_INSTRUCTIONS TO FOLLOW_.
Give every line from the entries that contains "gradientUnits".

_INPUT_.
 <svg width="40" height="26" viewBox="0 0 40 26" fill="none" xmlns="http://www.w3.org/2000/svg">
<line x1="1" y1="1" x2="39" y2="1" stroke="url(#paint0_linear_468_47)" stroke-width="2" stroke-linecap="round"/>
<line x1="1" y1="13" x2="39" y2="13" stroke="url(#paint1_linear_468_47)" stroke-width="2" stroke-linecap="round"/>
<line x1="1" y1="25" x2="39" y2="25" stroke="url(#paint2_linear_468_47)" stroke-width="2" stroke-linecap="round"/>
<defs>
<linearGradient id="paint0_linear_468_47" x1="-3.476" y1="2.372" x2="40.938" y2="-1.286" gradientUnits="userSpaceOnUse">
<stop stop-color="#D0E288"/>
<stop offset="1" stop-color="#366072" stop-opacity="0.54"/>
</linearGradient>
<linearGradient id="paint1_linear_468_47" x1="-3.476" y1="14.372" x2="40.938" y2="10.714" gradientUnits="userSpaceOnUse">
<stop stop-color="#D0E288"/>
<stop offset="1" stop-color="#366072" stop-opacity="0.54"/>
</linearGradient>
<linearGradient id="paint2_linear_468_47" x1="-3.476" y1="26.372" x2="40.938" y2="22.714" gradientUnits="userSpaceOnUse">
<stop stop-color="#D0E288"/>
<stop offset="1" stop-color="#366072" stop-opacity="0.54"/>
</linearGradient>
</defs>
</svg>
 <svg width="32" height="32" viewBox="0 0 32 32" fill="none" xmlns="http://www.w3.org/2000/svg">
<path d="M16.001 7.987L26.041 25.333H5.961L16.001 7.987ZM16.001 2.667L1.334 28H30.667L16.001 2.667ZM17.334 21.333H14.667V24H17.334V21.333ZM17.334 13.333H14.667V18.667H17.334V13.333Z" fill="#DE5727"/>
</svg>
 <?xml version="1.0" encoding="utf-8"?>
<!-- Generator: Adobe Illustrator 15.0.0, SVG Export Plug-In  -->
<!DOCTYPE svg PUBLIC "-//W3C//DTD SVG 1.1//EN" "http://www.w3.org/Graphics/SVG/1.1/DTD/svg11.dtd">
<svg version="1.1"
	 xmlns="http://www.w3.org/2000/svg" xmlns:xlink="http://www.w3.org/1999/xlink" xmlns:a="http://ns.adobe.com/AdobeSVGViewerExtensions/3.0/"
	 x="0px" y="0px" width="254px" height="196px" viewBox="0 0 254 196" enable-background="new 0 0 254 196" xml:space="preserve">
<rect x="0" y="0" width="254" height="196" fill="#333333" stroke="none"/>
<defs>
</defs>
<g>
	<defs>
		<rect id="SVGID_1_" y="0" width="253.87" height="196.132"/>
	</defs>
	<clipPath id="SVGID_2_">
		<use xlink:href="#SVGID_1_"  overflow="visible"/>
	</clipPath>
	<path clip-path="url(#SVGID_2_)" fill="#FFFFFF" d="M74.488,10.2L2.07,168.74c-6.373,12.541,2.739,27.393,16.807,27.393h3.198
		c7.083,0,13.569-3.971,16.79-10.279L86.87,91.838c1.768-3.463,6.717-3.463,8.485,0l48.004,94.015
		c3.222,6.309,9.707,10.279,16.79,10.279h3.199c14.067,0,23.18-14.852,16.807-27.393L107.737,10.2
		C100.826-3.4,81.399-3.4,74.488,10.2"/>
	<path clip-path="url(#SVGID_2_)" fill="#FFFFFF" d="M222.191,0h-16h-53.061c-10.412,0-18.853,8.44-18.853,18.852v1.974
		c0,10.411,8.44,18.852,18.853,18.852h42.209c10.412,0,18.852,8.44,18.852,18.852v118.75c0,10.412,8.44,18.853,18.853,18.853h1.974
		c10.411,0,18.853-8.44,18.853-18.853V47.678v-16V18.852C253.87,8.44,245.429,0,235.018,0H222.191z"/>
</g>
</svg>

_TASK OUTPUT_.
<linearGradient id="paint0_linear_468_47" x1="-3.476" y1="2.372" x2="40.938" y2="-1.286" gradientUnits="userSpaceOnUse">
<linearGradient id="paint1_linear_468_47" x1="-3.476" y1="14.372" x2="40.938" y2="10.714" gradientUnits="userSpaceOnUse">
<linearGradient id="paint2_linear_468_47" x1="-3.476" y1="26.372" x2="40.938" y2="22.714" gradientUnits="userSpaceOnUse">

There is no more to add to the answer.